Iran’s foreign ministry announced on Thursday that recent cyber attacks on its power facilities may have been caused by foreign governments.
“Thousands of cyber attacks are launched against the country’s infrastructures on a daily basis, which is not anything new. Most of those attacks are repulsed by our defense systems and the ‘cyber incident response teams’ without making any impact,” said Foreign Ministry spokesman Abbas Mousavi, according to Iran’s Tasnim news agency.
“In recent months, a couple of cyber attacks on a broader scale have been launched against the country’s infrastructures, and with the analysis of the dimensions and the technology used (in the attacks), one can say they have been sponsored or launched by governments,” he said.
Mousavi claimed that the attacks did not achieve “their main objectives,” additionally stating that the eruption over the past several weeks of explosions and fires at Iranian military, industrial and power sites had nothing to do with the cyber attacks.”
The Iranian official also threatened a response against foreign hackers.
“Iran reserves the right to take the appropriate and proportional reciprocal action at the appropriate time,” he said. “We may employ any tool to defend ourselves against the cyber attacks, including the cyberspace [sic] or other weaponry.”

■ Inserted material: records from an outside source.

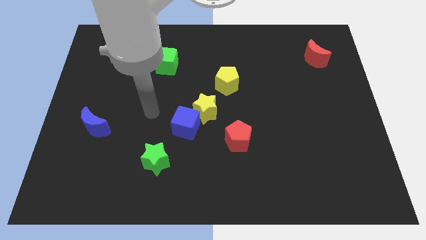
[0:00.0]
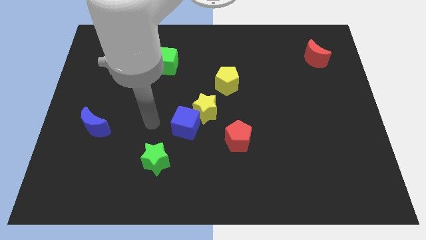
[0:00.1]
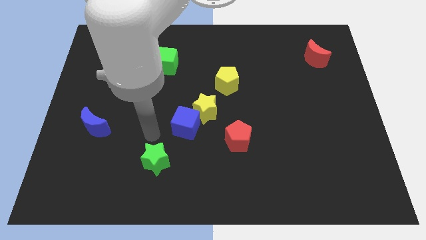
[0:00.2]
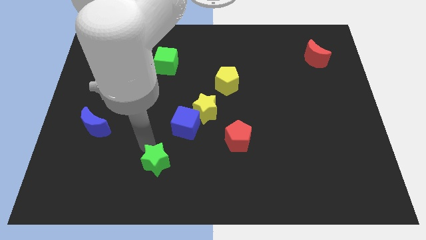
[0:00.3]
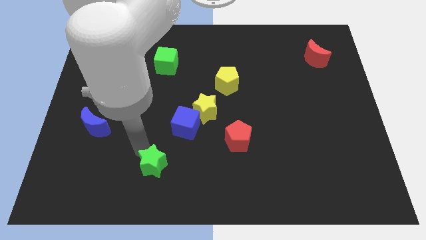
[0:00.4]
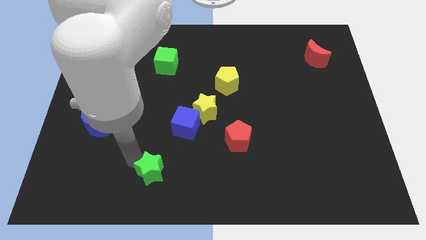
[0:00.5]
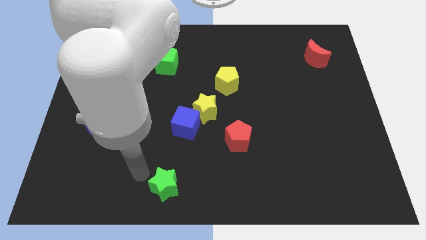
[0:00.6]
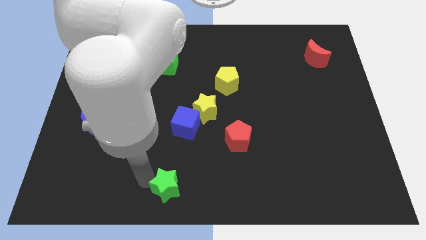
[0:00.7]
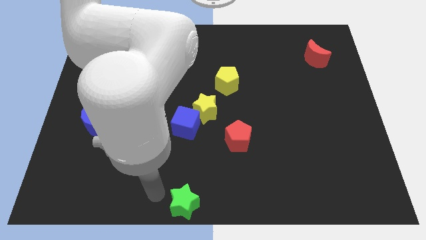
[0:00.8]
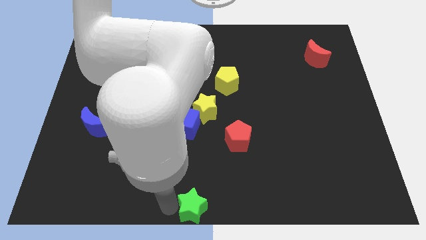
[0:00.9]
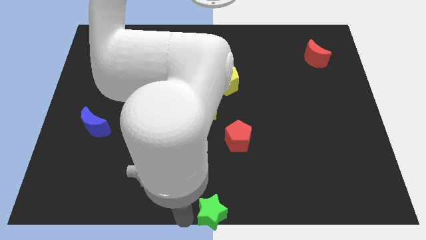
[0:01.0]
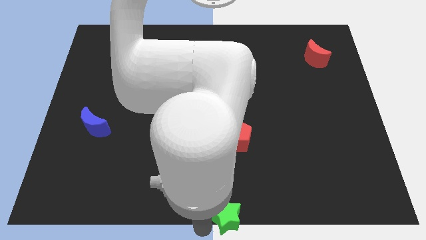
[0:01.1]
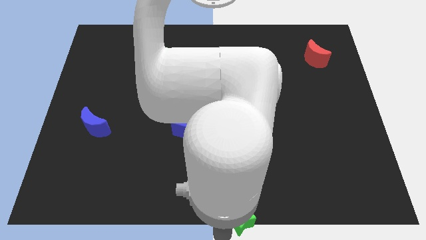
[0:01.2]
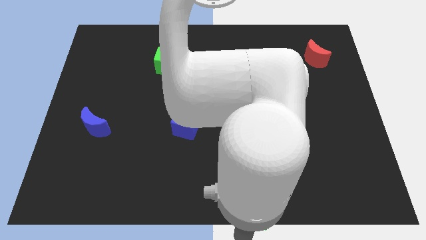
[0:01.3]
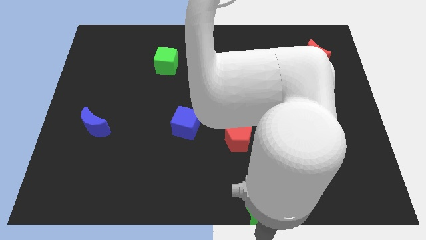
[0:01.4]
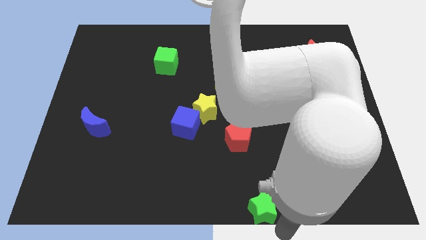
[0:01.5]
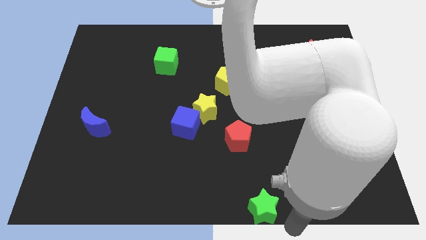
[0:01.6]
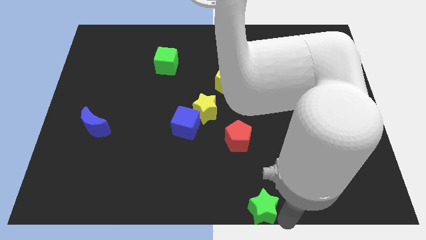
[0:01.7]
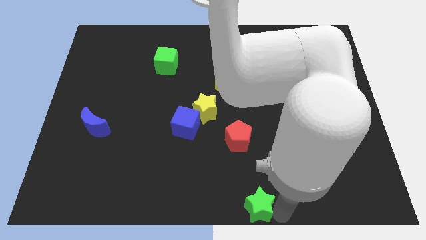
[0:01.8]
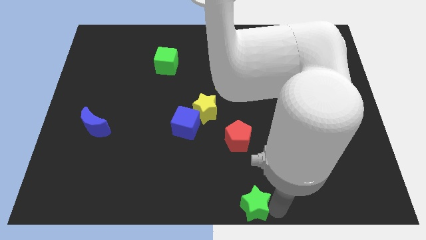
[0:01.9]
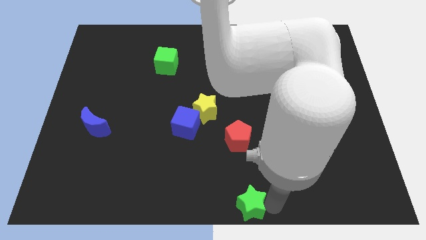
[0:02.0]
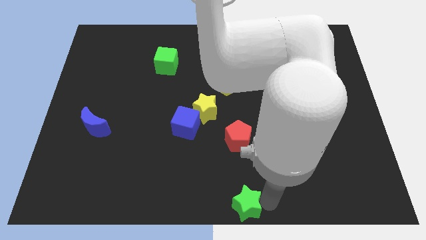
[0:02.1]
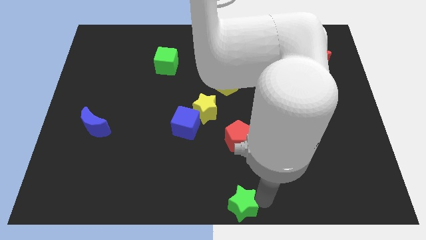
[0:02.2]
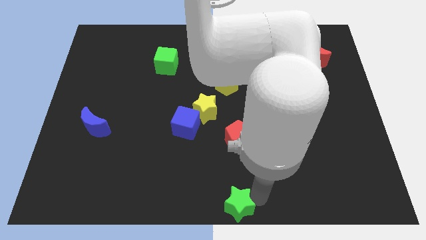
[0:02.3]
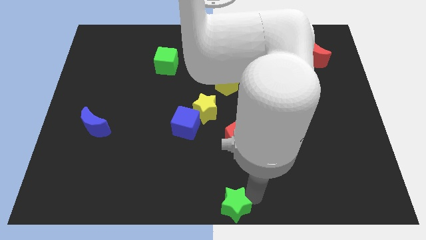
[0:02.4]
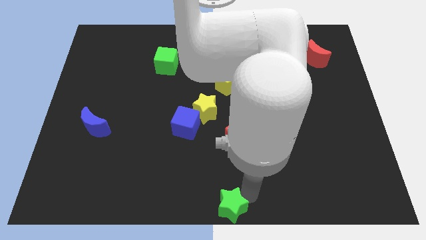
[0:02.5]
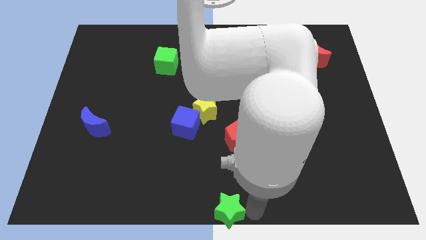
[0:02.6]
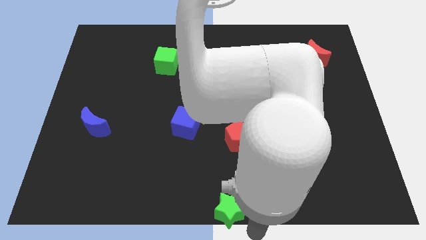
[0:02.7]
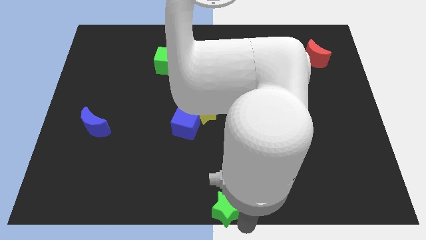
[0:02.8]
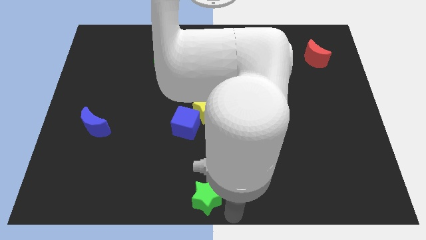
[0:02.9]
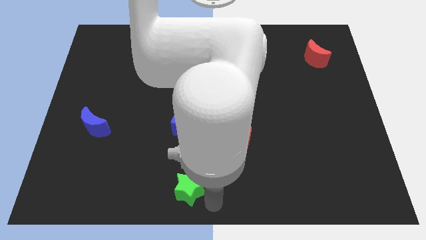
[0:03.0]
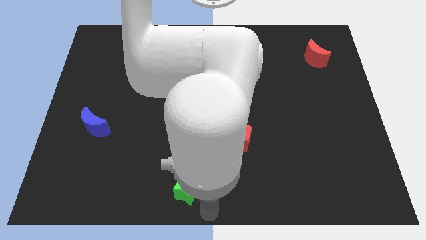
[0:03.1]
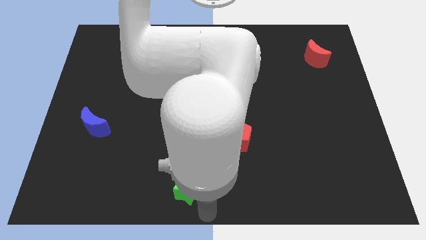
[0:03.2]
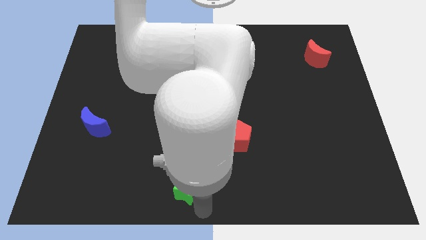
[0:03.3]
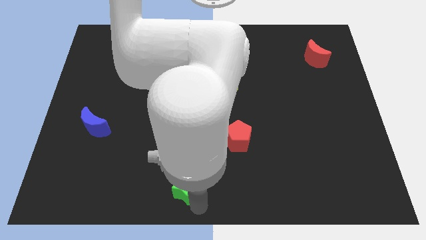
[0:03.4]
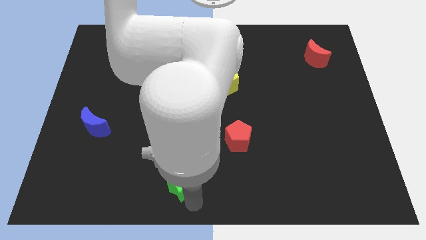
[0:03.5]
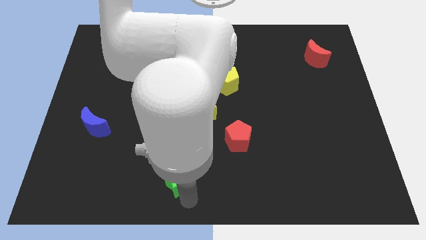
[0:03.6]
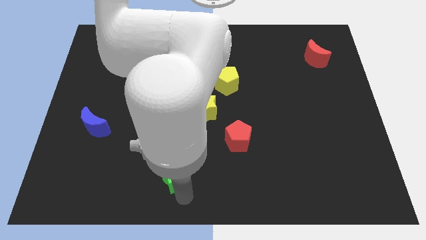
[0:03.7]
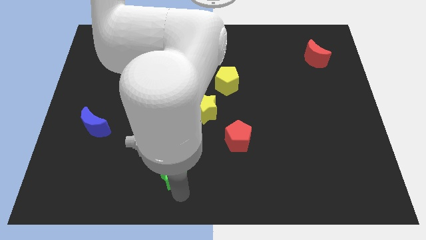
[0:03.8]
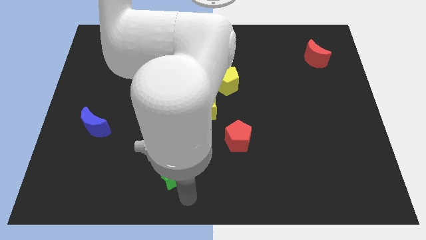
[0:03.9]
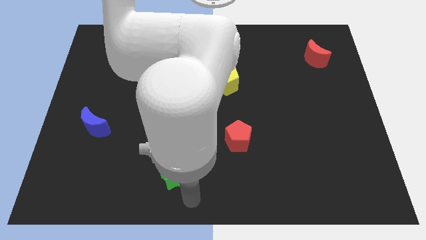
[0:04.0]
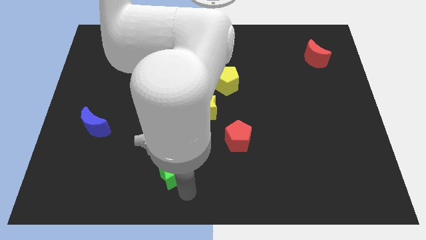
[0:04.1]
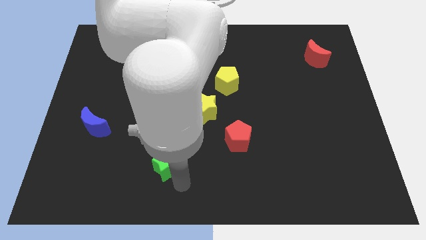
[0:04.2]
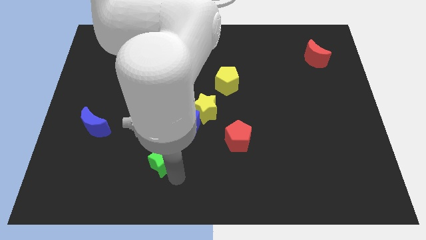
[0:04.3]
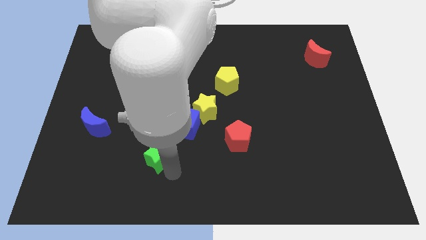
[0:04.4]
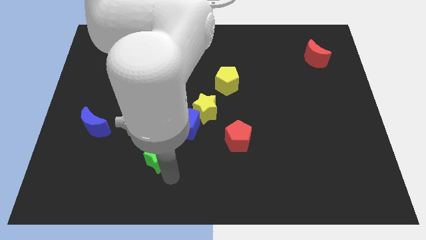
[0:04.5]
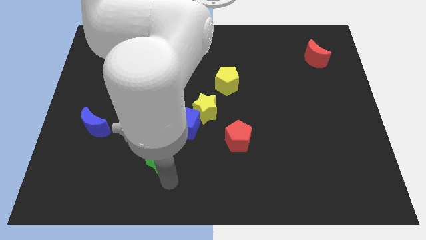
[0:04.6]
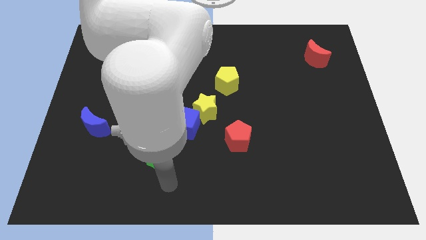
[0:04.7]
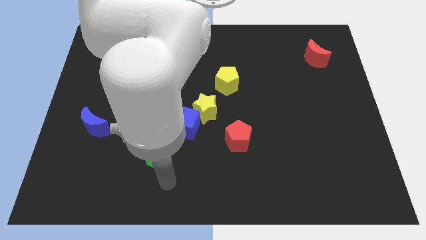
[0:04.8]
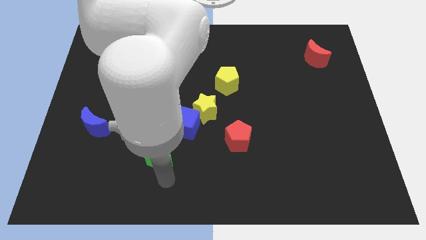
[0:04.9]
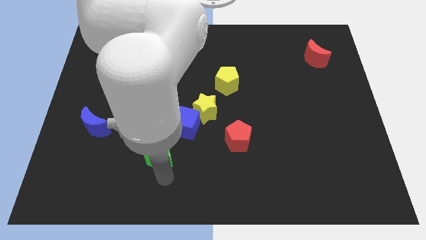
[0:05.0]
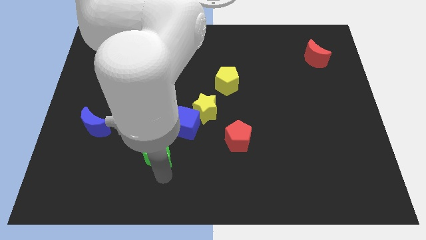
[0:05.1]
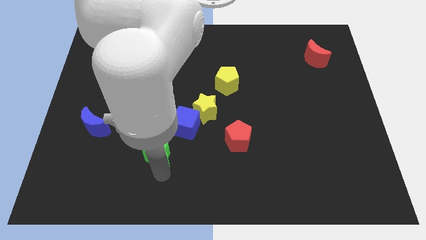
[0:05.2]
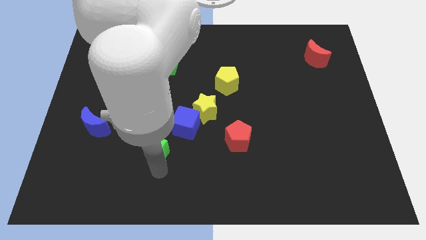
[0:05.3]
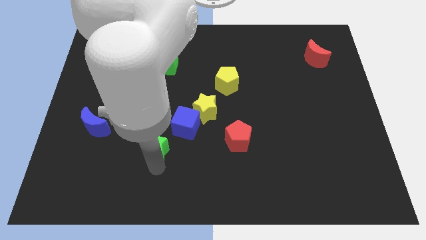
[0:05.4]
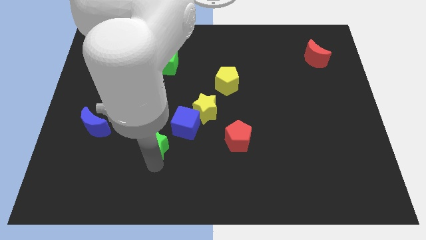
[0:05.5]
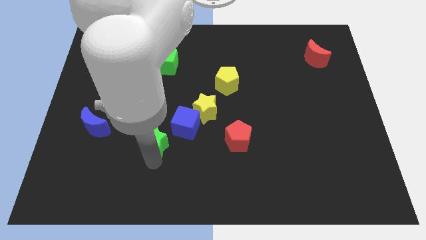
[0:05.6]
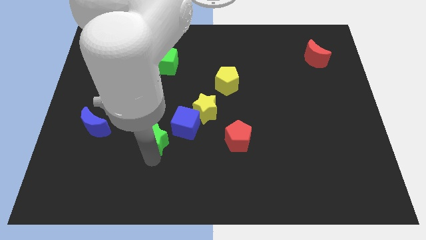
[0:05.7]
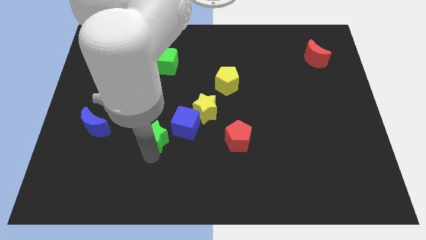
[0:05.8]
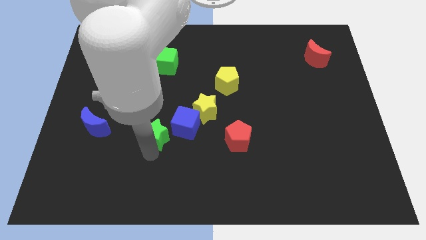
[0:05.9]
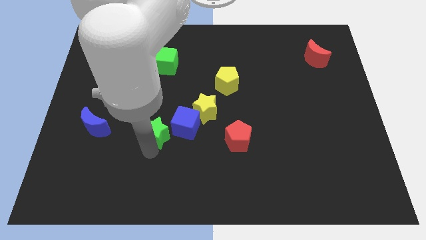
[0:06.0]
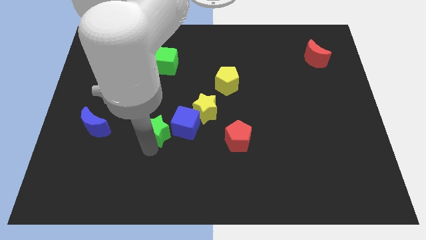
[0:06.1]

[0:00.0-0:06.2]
slightly move the green star up

According to a Washington Post report in May, Israel carried out a cyber attack that shut down one of Iran’s major ports for days, apparently in retaliation for an attempted Iranian attack the previous month on Israel’s water infrastructure. Iran denies that it was behind the failed hacking operation.
Iran and Israel have been engaged in a covert cyber war for the past decade.

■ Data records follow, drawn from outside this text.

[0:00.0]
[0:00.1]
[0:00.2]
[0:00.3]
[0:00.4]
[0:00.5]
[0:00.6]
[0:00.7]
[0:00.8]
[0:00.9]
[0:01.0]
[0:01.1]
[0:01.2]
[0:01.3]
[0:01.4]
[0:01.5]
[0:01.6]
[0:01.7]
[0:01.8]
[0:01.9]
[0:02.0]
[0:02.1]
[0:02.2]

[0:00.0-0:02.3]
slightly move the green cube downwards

The Stuxnet worm, revealed in 2010 and widely assumed to be a joint Israel-U.S. creation, is believed to have caused serious damage to Iran’s nuclear program. Last September, a general in Iran’s Islamic Revolutionary Guard Corps said that the “Stuxnet cyber attack had had the positive effect of ‘causing us to pay attention’ to the cyber security of its nuclear installations.”
Last November, members of Israel’s Joint Cyber Defense Division, Intelligence Directorate, air force, navy and ground forces flew to the United States for a joint drill with their American counterparts, dubbed “Cyber Dome.”